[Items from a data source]
----
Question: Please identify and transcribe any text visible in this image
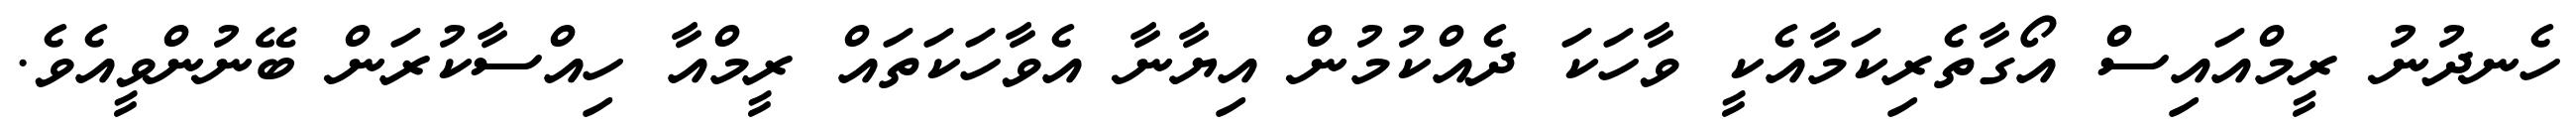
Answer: ހެނދުނު ރީމްއައިސް އޯގާތެރިކަމާއެކީ ވާހަކަ ދެއްކުމުން އިޔާނާ އެވާހަކަތައް ރީމްއާ ހިއްސާކުރަން ބޭނުންވީއެވެ.
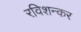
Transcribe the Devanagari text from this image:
रविशन्कर
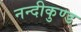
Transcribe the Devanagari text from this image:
नन्दीकुण्ड
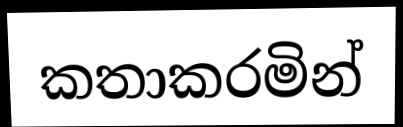
කතාකරමින්
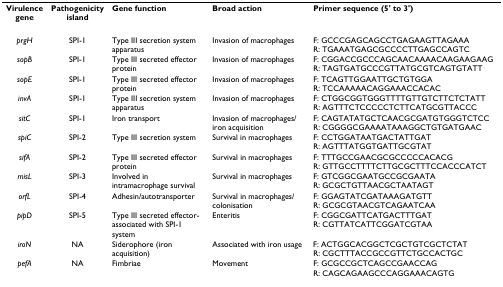
| Virulence gene | Pathogenicity island | Gene function | Broad action | Primer sequence (5' to 3') |
 | --- | --- | --- | --- | --- |
 | prgH | SPI-1 | Type III secretion system apparatus | Invasion of macrophages | F: GCCCGAGCAGCCTGAGAAGTTAGAAAR: TGAAATGAGCGCCCCTTGAGCCAGTC |
 | sopB | SPI-1 | Type III secreted effector protein | Invasion of macrophages | F: CGGACCGCCCAGCAACAAAACAAGAAGAAGR: TAGTGATGCCCGTTATGCGTCAGTGTATT |
 | sopE | SPI-1 | Type III secreted effector protein | Invasion of macrophages | F: TCAGTTGGAATTGCTGTGGAR: TCCAAAAACAGGAAACCACAC |
 | invA | SPI-1 | Type III secretion system apparatus | Invasion of macrophages | F: CTGGCGGTGGGTTTTGTTGTCTTCTCTATTR: AGTTTCTCCCCCTCTTCATGCGTTACCC |
 | sitC | SPI-1 | Iron transport | Invasion of macrophages/iron acquisition | F: CAGTATATGCTCAACGCGATGTGGGTCTCCR: CGGGGCGAAAATAAAGGCTGTGATGAAC |
 | spiC | SPI-2 | Type III secretion system | Survival in macrophages | F: CCTGGATAATGACTATTGATR: AGTTTATGGTGATTGCGTAT |
 | sifA | SPI-2 | Type III secreted effector protein | Survival in macrophages | F: TTTGCCGAACGCGCCCCCACACGR: GTTGCCTTTTCTTGCGCTTTCCACCCATCT |
 | misL | SPI-3 | Involved in intramacrophage survival | Survival in macrophages | F: GTCGGCGAATGCCGCGAATAR: GCGCTGTTAACGCTAATAGT |
 | orfL | SPI-4 | Adhesin/autotransporter | Survival in macrophages/colonisation | F: GGAGTATCGATAAAGATGTTR: GCGCGTAACGTCAGAATCAA |
 | pipD | SPI-5 | Type III secreted effector-associated with SPI-1 system | Enteritis | F: CGGCGATTCATGACTTTGATR: CGTTATCATTCGGATCGTAA |
 | iroN | NA | Siderophore (iron acquisition) | Associated with iron usage | F: ACTGGCACGGCTCGCTGTCGCTCTATR: CGCTTTACCGCCGTTCTGCCACTGC |
 | pefA | NA | Fimbriae | Movement | F: GCGCCGCTCAGCCGAACCAGR: CAGCAGAAGCCCAGGAAACAGTG |
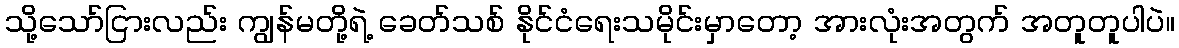
သို့သော်ငြားလည်း ကျွန်မတို့ရဲ့ ခေတ်သစ် နိုင်ငံရေးသမိုင်းမှာတော့ အားလုံးအတွက် အတူတူပါပဲ။
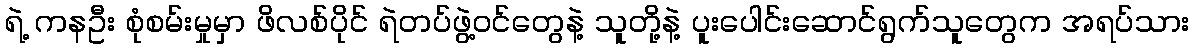
ရဲ့ ကနဦး စုံစမ်းမှုမှာ ဖိလစ်ပိုင် ရဲတပ်ဖွဲ့ဝင်တွေနဲ့ သူတို့နဲ့ ပူးပေါင်းဆောင်ရွက်သူတွေက အရပ်သား
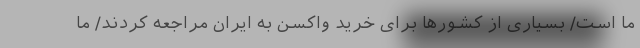
ما است/ بسیاری از کشورها برای خرید واکسن به ایران مراجعه کردند/ ما
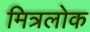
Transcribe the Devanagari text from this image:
मित्रलोक
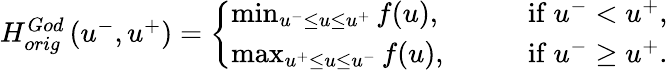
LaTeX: \begin{array}{r}{H_{orig}^{God}\left(u^{-},u^{+}\right)=\left\{ \begin{array}{ll}{\operatorname*{min}_{u^{-}\leq u\leq u^{+}}f(u),\qquad}&{\mathrm{if~}u^{-}<u^{+},}\\ {\operatorname*{max}_{u^{+}\leq u\leq u^{-}}f(u),\qquad}&{\mathrm{if~}u^{-}\geq u^{+}.}\end{array}\right.}\end{array}
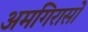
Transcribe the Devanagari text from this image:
अमगिरासों
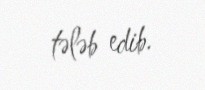
tələb edib.
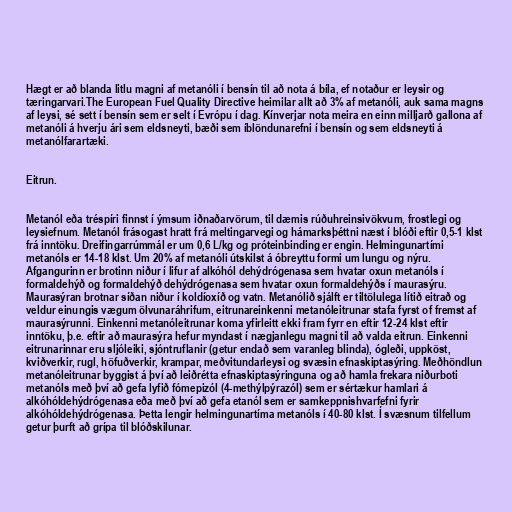
Hægt er að blanda litlu magni af metanóli í bensín til að nota á bíla, ef notaður er leysir og
tæringarvari.The European Fuel Quality Directive heimilar allt að 3% af metanóli, auk sama magns
af leysi, sé sett í bensín sem er selt í Evrópu í dag. Kínverjar nota meira en einn milljarð gallona af
metanóli á hverju ári sem eldsneyti, bæði sem íblöndunarefni í bensín og sem eldsneyti á
metanólfarartæki.

Eitrun.

Metanól eða tréspíri finnst í ýmsum iðnaðarvörum, til dæmis rúðuhreinsivökvum, frostlegi og
leysiefnum. Metanól frásogast hratt frá meltingarvegi og hámarksþéttni næst í blóði eftir 0,5-1 klst
frá inntöku. Dreifingarrúmmál er um 0,6 L/kg og próteinbinding er engin. Helmingunartími
metanóls er 14-18 klst. Um 20% af metanóli útskilst á óbreyttu formi um lungu og nýru.
Afgangurinn er brotinn niður í lifur af alkóhól dehýdrógenasa sem hvatar oxun metanóls í
formaldehýð og formaldehýð dehýdrógenasa sem hvatar oxun formaldehýðs í maurasýru.
Maurasýran brotnar síðan niður í koldíoxíð og vatn. Metanólið sjálft er tiltölulega lítið eitrað og
veldur einungis vægum ölvunaráhrifum, eitrunareinkenni metanóleitrunar stafa fyrst of fremst af
maurasýrunni. Einkenni metanóleitrunar koma yfirleitt ekki fram fyrr en eftir 12-24 klst eftir
inntöku, þ.e. eftir að maurasýra hefur myndast í nægjanlegu magni til að valda eitrun. Einkenni
eitrunarinnar eru sljóleiki, sjóntruflanir (getur endað sem varanleg blinda), ógleði, uppköst,
kviðverkir, rugl, höfuðverkir, krampar, meðvitundarleysi og svæsin efnaskiptasýring. Meðhöndlun
metanóleitrunar byggist á því að leiðrétta efnaskiptasýringuna og að hamla frekara niðurboti
metanóls með því að gefa lyfið fómepizól (4-methýlpýrazól) sem er sértækur hamlari á
alkóhóldehýdrógenasa eða með því að gefa etanól sem er samkeppnishvarfefni fyrir
alkóhóldehýdrógenasa. Þetta lengir helmingunartíma metanóls í 40-80 klst. Í svæsnum tilfellum
getur þurft að grípa til blóðskilunar.
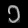
Digit: ၁
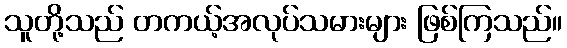
သူတို့သည် တကယ့်အလုပ်သမားများ ဖြစ်ကြသည်။
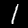
Digit: 1
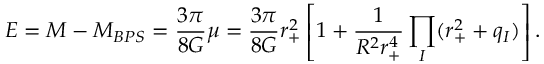
E = M - M _ { B P S } = \frac { 3 \pi } { 8 G } \mu = \frac { 3 \pi } { 8 G } r _ { + } ^ { 2 } \left[ 1 + \frac { 1 } { R ^ { 2 } r _ { + } ^ { 4 } } \prod _ { I } ( r _ { + } ^ { 2 } + q _ { I } ) \right] .
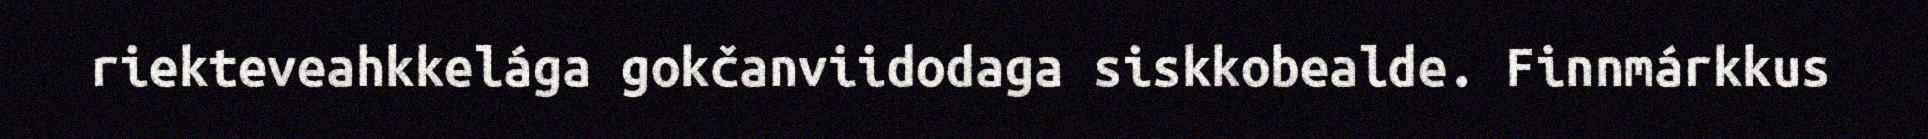
riekteveahkkelága gokčanviidodaga siskkobealde. Finnmárkkus
----
▸ TASK TO COMPLETE: All that should be written out is the stretch of lines above between the one holding "leysiefnum. Metanól frásogast" and the one holding "alkóhóldehýdrógenasa eða með", inclusive, exactly as given.

▸ FINISHED TASK:
leysiefnum. Metanól frásogast hratt frá meltingarvegi og hámarksþéttni næst í blóði eftir 0,5-1 klst
frá inntöku. Dreifingarrúmmál er um 0,6 L/kg og próteinbinding er engin. Helmingunartími
metanóls er 14-18 klst. Um 20% af metanóli útskilst á óbreyttu formi um lungu og nýru.
Afgangurinn er brotinn niður í lifur af alkóhól dehýdrógenasa sem hvatar oxun metanóls í
formaldehýð og formaldehýð dehýdrógenasa sem hvatar oxun formaldehýðs í maurasýru.
Maurasýran brotnar síðan niður í koldíoxíð og vatn. Metanólið sjálft er tiltölulega lítið eitrað og
veldur einungis vægum ölvunaráhrifum, eitrunareinkenni metanóleitrunar stafa fyrst of fremst af
maurasýrunni. Einkenni metanóleitrunar koma yfirleitt ekki fram fyrr en eftir 12-24 klst eftir
inntöku, þ.e. eftir að maurasýra hefur myndast í nægjanlegu magni til að valda eitrun. Einkenni
eitrunarinnar eru sljóleiki, sjóntruflanir (getur endað sem varanleg blinda), ógleði, uppköst,
kviðverkir, rugl, höfuðverkir, krampar, meðvitundarleysi og svæsin efnaskiptasýring. Meðhöndlun
metanóleitrunar byggist á því að leiðrétta efnaskiptasýringuna og að hamla frekara niðurboti
metanóls með því að gefa lyfið fómepizól (4-methýlpýrazól) sem er sértækur hamlari á
alkóhóldehýdrógenasa eða með því að gefa etanól sem er samkeppnishvarfefni fyrir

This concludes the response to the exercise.